In an exclusive interview, the head of Chicago Public Schools
expressed his outrage.
(© MMVIII, CBS Broadcasting Inc. All Rights Reserved.)
cbs2chicago.com (CBS2 TV, Chicago), 8 October 2008
Local H.S. Investigated For Paddling Athletes
Reporting: Dave Savini
CHICAGO (CBS) -- CBS 2 Investigators have the name of another
Chicago Public School being investigated for illegally paddling
athletes. CBS 2 Investigator Dave Savini first exposed athletes
being beaten by coaches. His report led to a citywide
investigation. The abuses under investigation involve the use of
wooden paddles, even baseball bats, to hit athletes for not
performing on the court.
(© MMVIII, CBS Broadcasting Inc.
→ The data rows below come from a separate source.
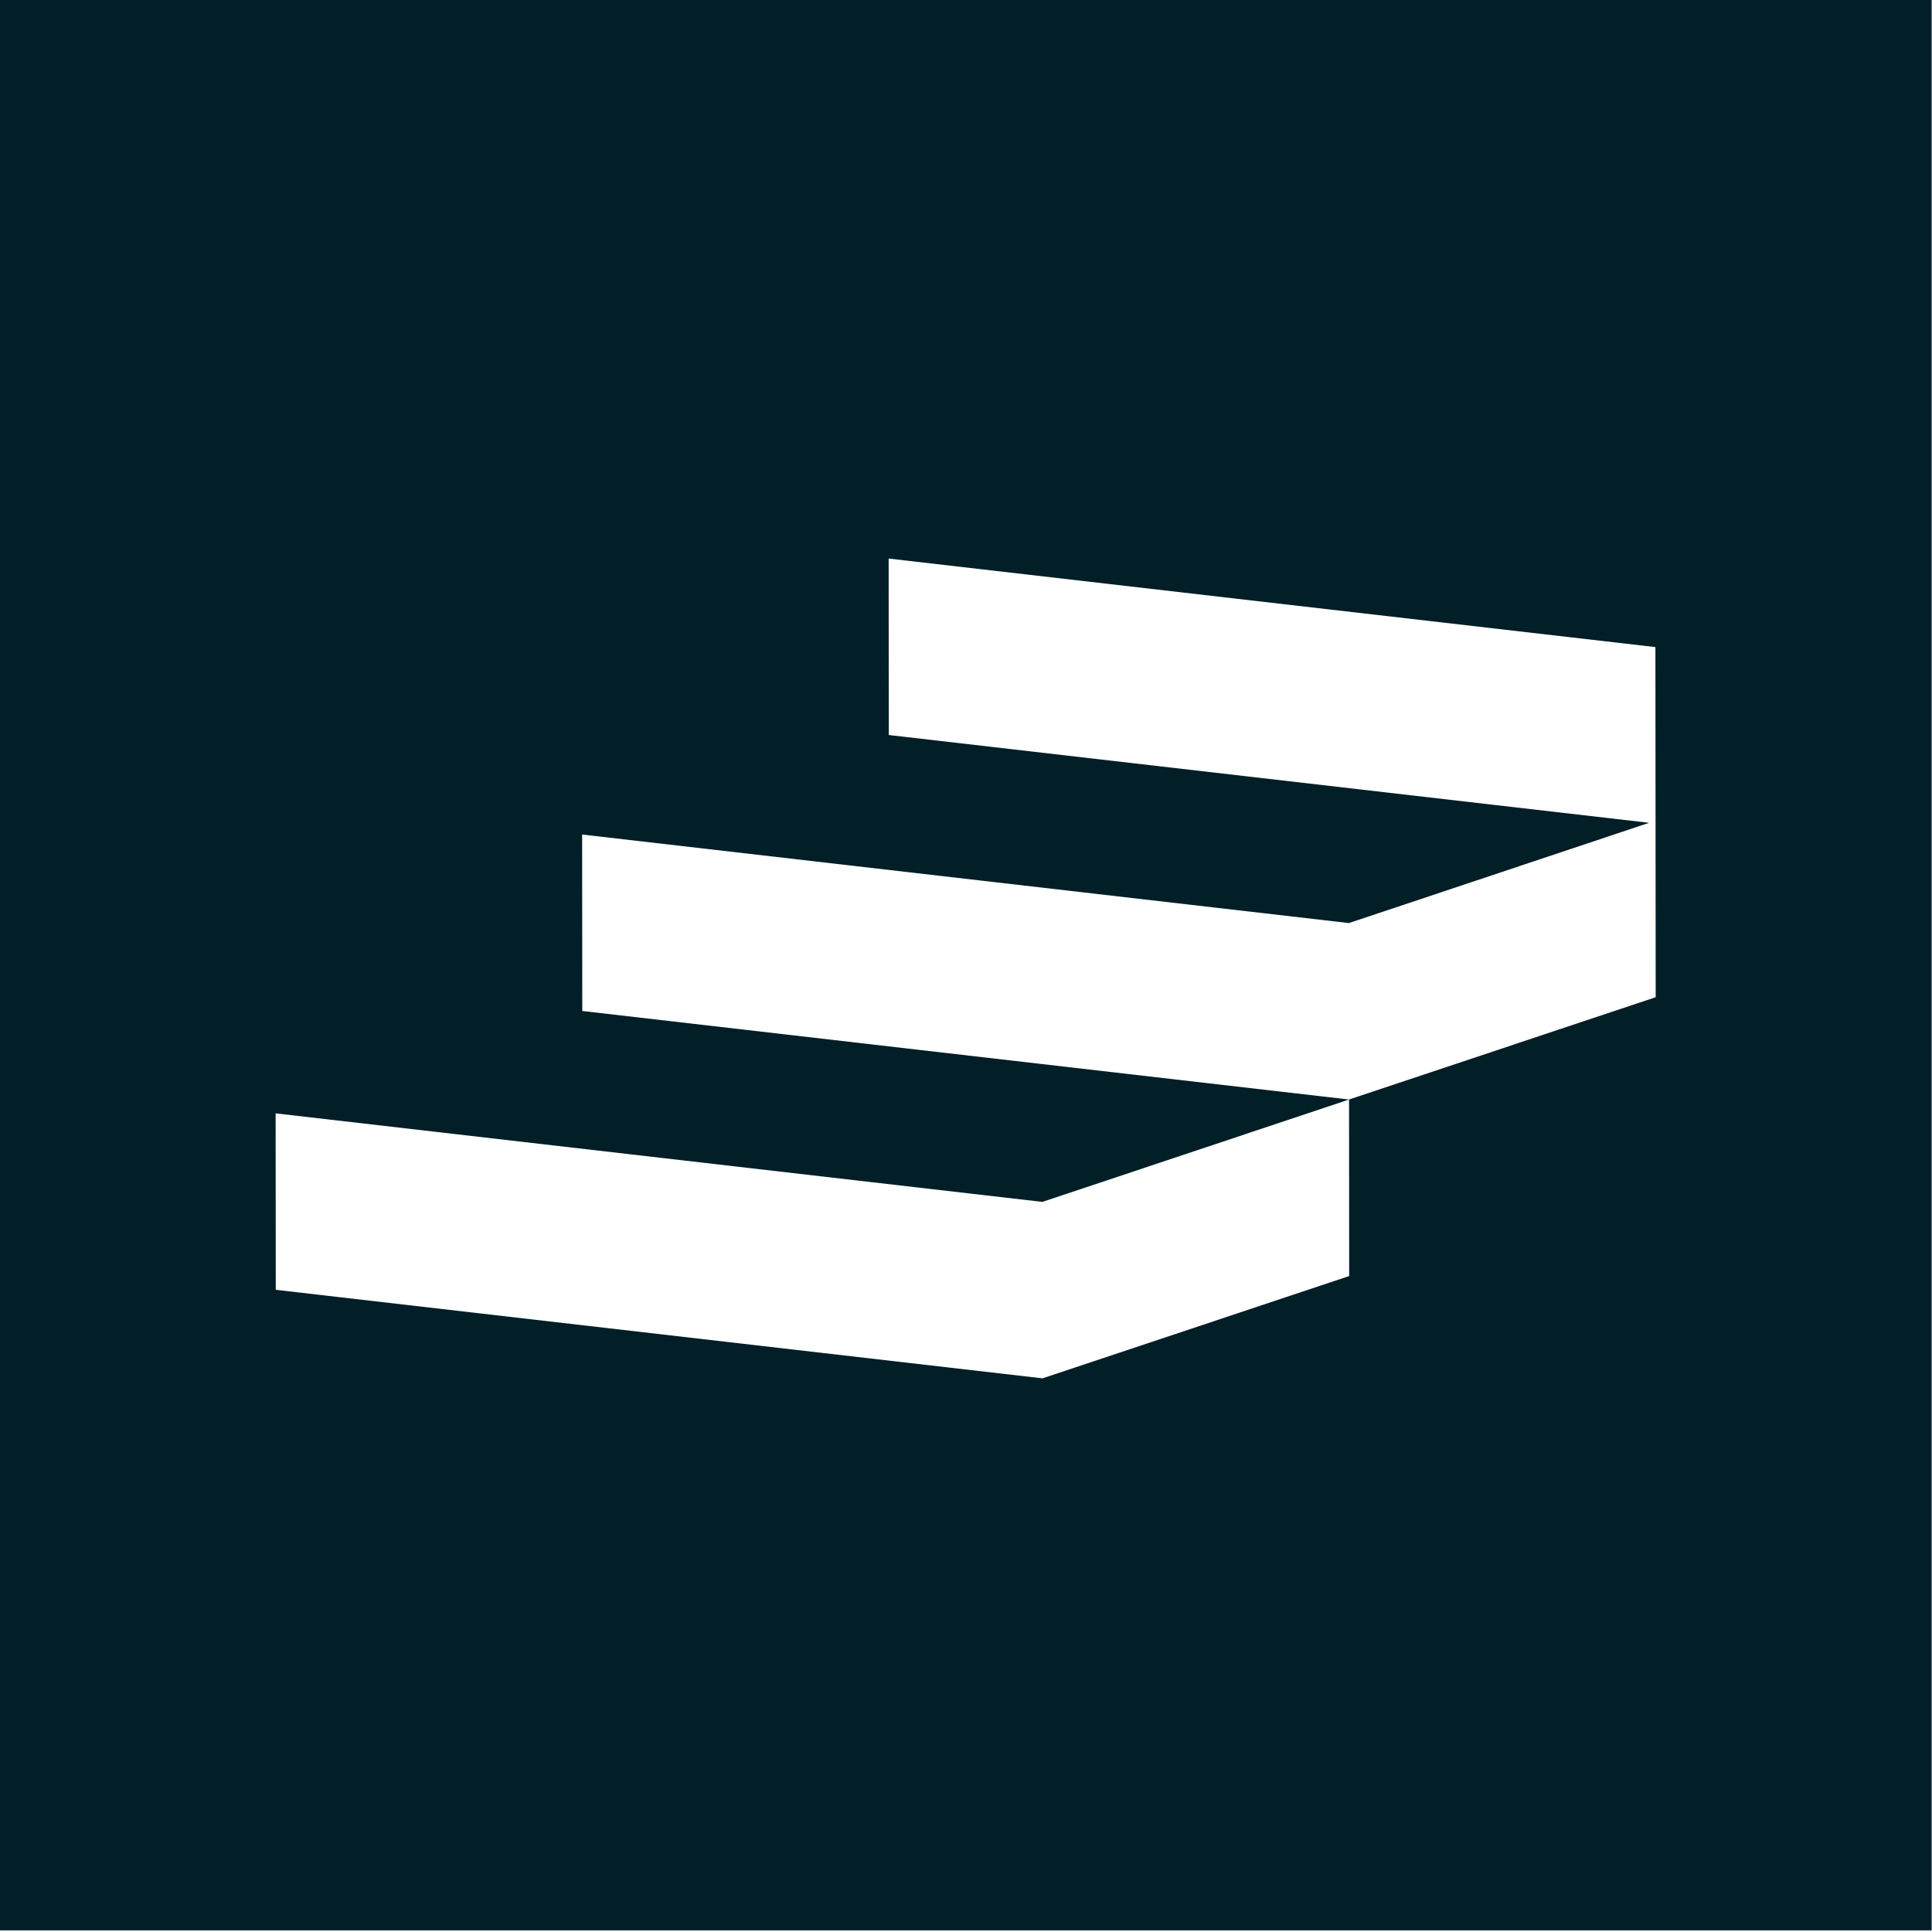 <?xml version="1.0" encoding="utf-8"?>
<!-- Generator: Adobe Illustrator 27.5.0, SVG Export Plug-In . SVG Version: 6.00 Build 0)  -->
<svg version="1.1" id="Ebene_1" xmlns="http://www.w3.org/2000/svg" xmlns:xlink="http://www.w3.org/1999/xlink" x="0px" y="0px"
	 viewBox="0 0 283.46 283.46" style="enable-background:new 0 0 283.46 283.46;" xml:space="preserve">
<style type="text/css">
	.st0{fill:#021E26;}
</style>
<path class="st0" d="M-0.05-0.24v283.46h283.46V-0.24H-0.05z M197.95,187.22l-44.99,15.01l-112.5-12.99l-0.02-25.89l112.5,12.99
	l44.99-15.02l-112.5-12.99l-0.02-25.89l112.5,12.99l44.05-14.71L130.4,107.84l-0.02-25.89l112.5,12.99l0.02,25.47l0,0l0.02,25.9
	l-44.99,15.01L197.95,187.22z"/>
</svg>

All Rights Reserved.)
RELATED VIDEO CLIP
News report (8 Oct 2008) from CBS2, Chicago, of which the above is an abbreviated text version. It briefly shows some speeded-up CCTV footage in which the paddling of students by a sports coach can be discerned in the distance. The impression is given that this punishment was not administered properly in a formal manner, but was a casual and hasty affair.
HERE IS THE CLIP:
IMPORTANT: Copyright in this video material rests with the original copyright holders. This brief excerpt is reproduced under the "fair use" doctrine for private, non-profit, historical research and education purposes only. It must not be redistributed or republished in any commercial context.
Chicago Sun-Times, 8 October 2008
SIMEON HIGH SCHOOL | After volleyball player says coach beat him so hard it left welts, CPS probes corporal punishment charges
By Maudlyne Ihejirika
Last school year, Simeon High School senior Bruce Zayas was captain of the volleyball team, a rising star recruited from Mount Carmel, and looking at a volleyball scholarship.
But a paddling by his coach last April for missing serves during a game -- a "whupping" that left welts on the 17-year-old -- changed that.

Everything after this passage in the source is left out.